Stored records:
"""

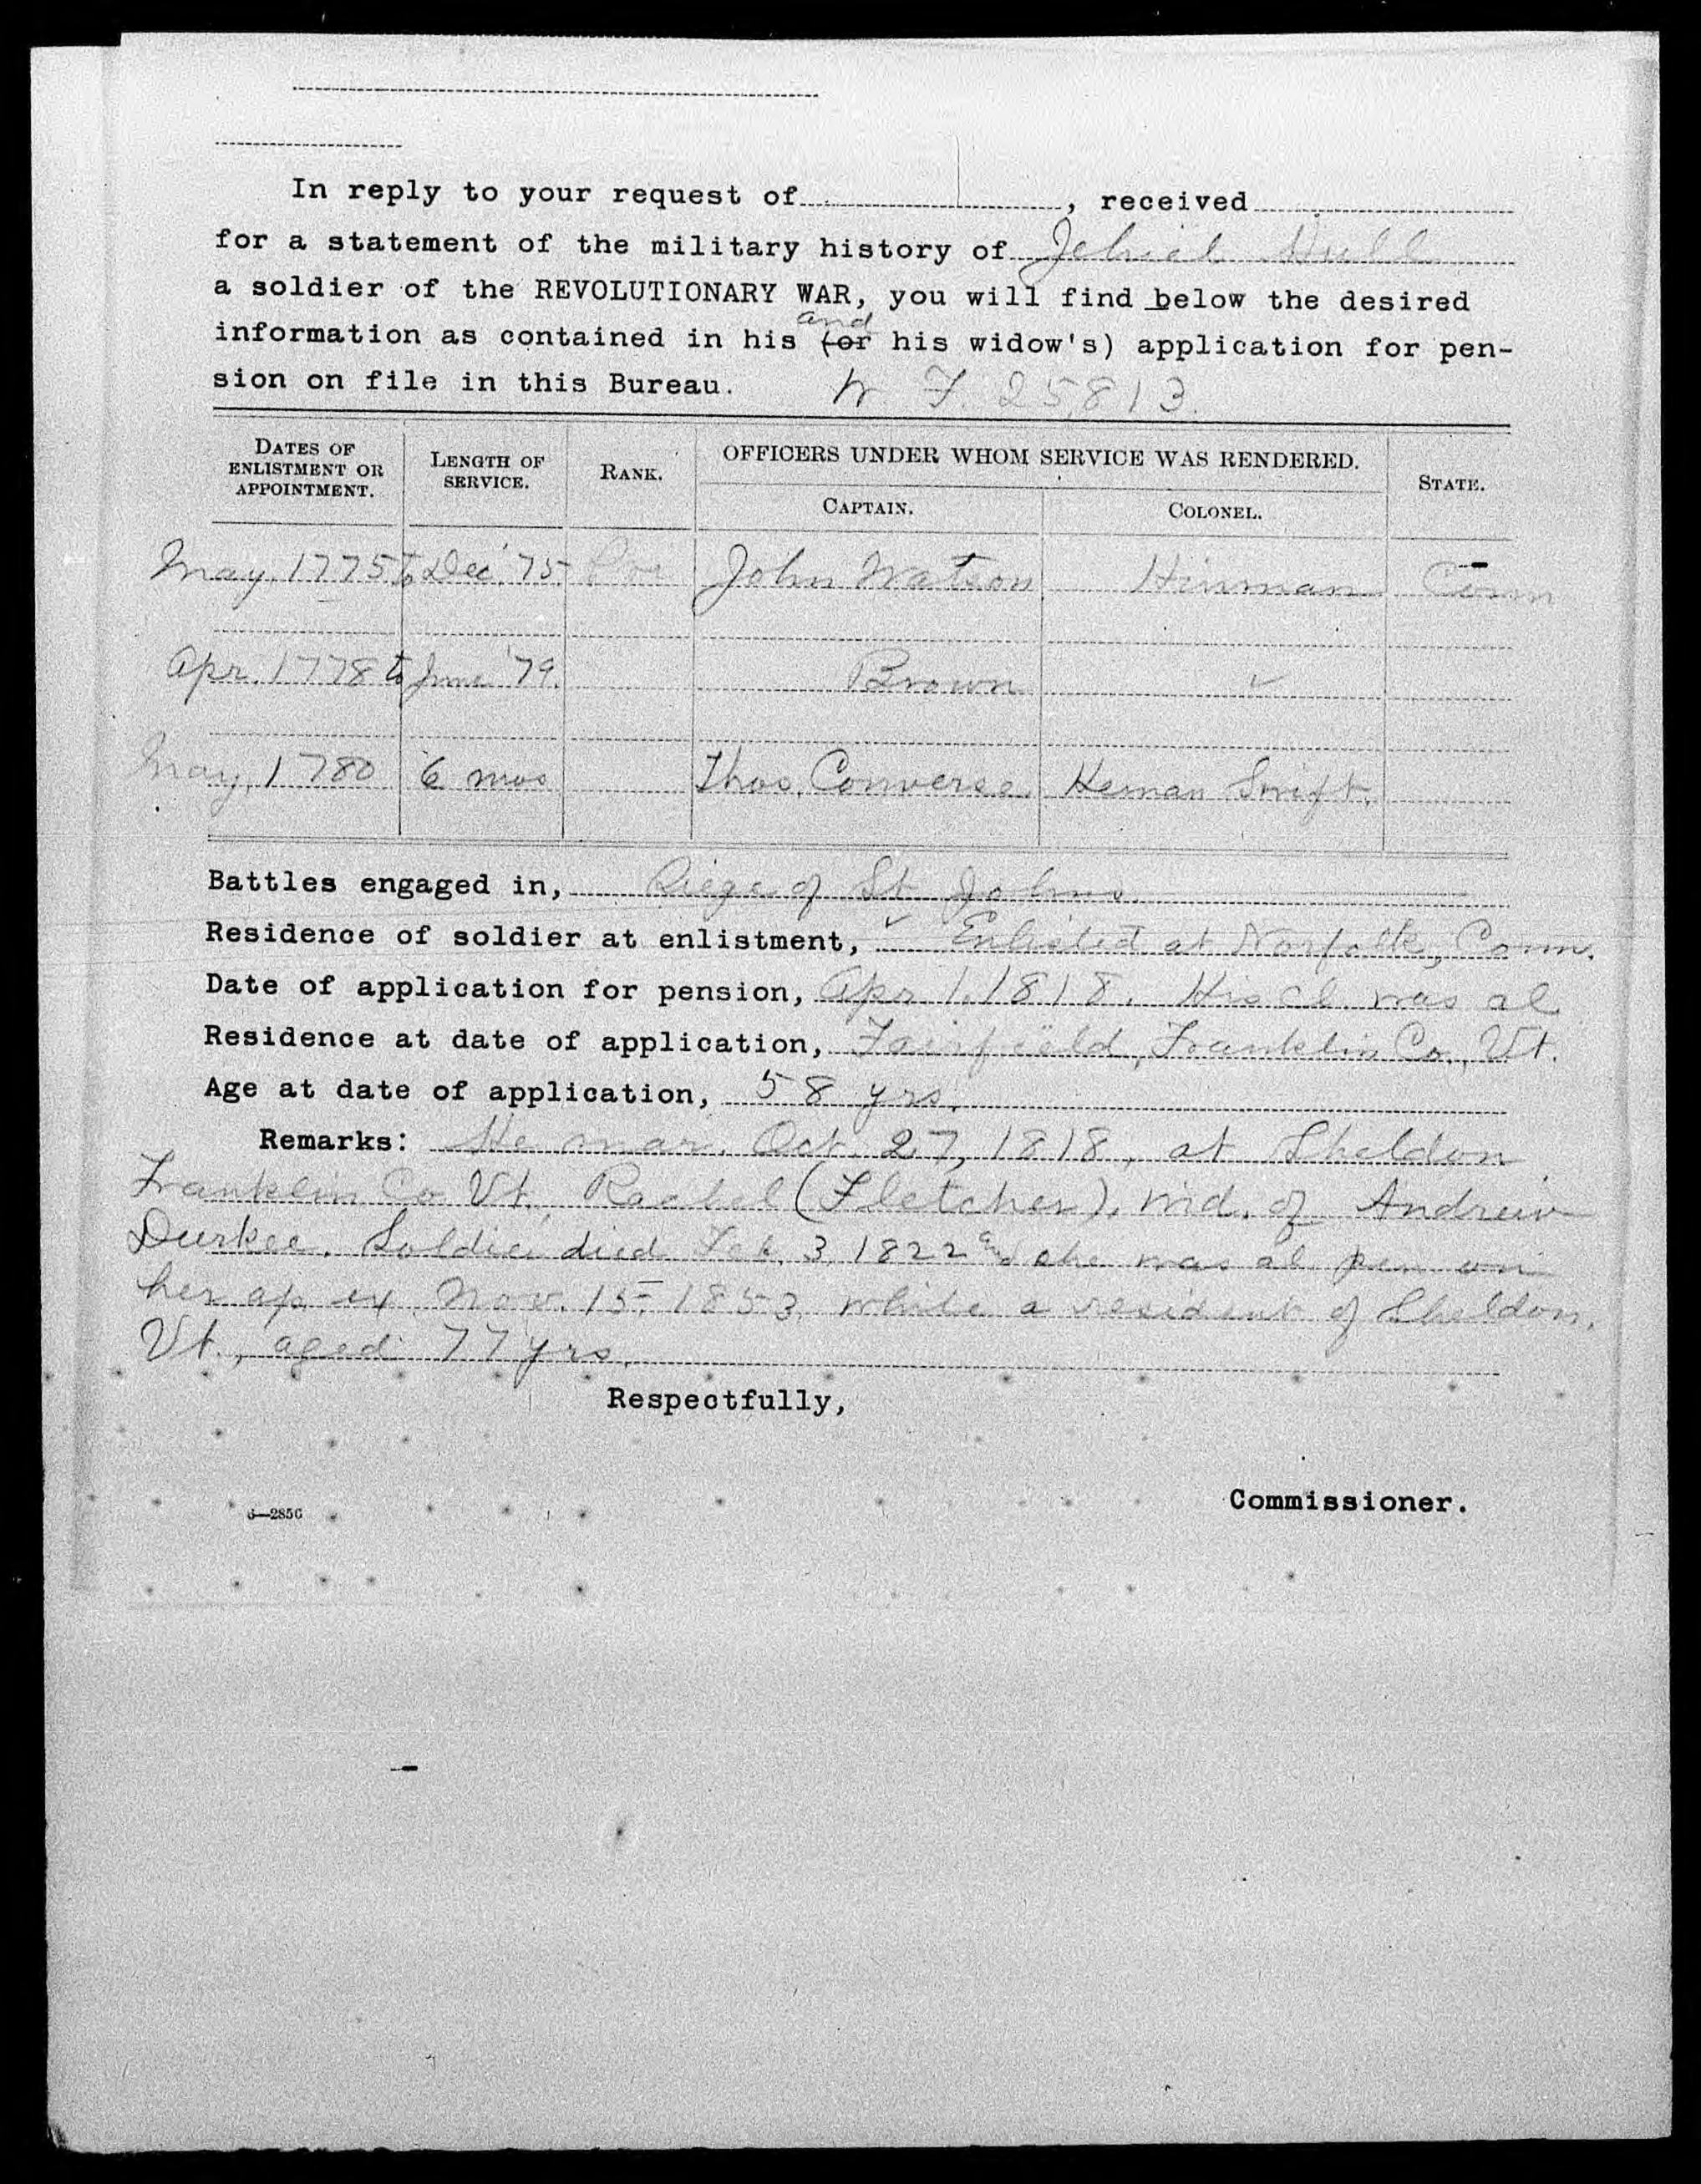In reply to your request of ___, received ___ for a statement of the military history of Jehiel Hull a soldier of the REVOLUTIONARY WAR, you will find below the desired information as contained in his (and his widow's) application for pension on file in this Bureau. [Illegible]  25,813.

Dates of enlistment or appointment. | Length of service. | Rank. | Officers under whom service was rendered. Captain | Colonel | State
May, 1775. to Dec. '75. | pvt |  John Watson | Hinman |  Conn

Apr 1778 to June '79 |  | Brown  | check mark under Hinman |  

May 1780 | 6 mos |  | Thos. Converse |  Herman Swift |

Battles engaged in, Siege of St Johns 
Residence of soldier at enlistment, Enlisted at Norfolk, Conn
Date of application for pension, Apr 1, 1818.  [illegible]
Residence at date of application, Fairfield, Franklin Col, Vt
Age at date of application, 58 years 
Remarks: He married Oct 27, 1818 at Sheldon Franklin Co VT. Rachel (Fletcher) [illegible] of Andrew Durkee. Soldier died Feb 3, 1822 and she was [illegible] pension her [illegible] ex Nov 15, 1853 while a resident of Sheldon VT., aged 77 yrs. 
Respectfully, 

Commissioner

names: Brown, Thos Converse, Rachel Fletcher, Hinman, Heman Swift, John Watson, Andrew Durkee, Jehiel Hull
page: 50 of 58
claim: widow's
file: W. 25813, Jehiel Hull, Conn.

"""

# WHAT YOU NEED TO DO
Lines holding the string "Brown" in the records: how many are there? Give only the number.

# EXERCISE ANSWER
2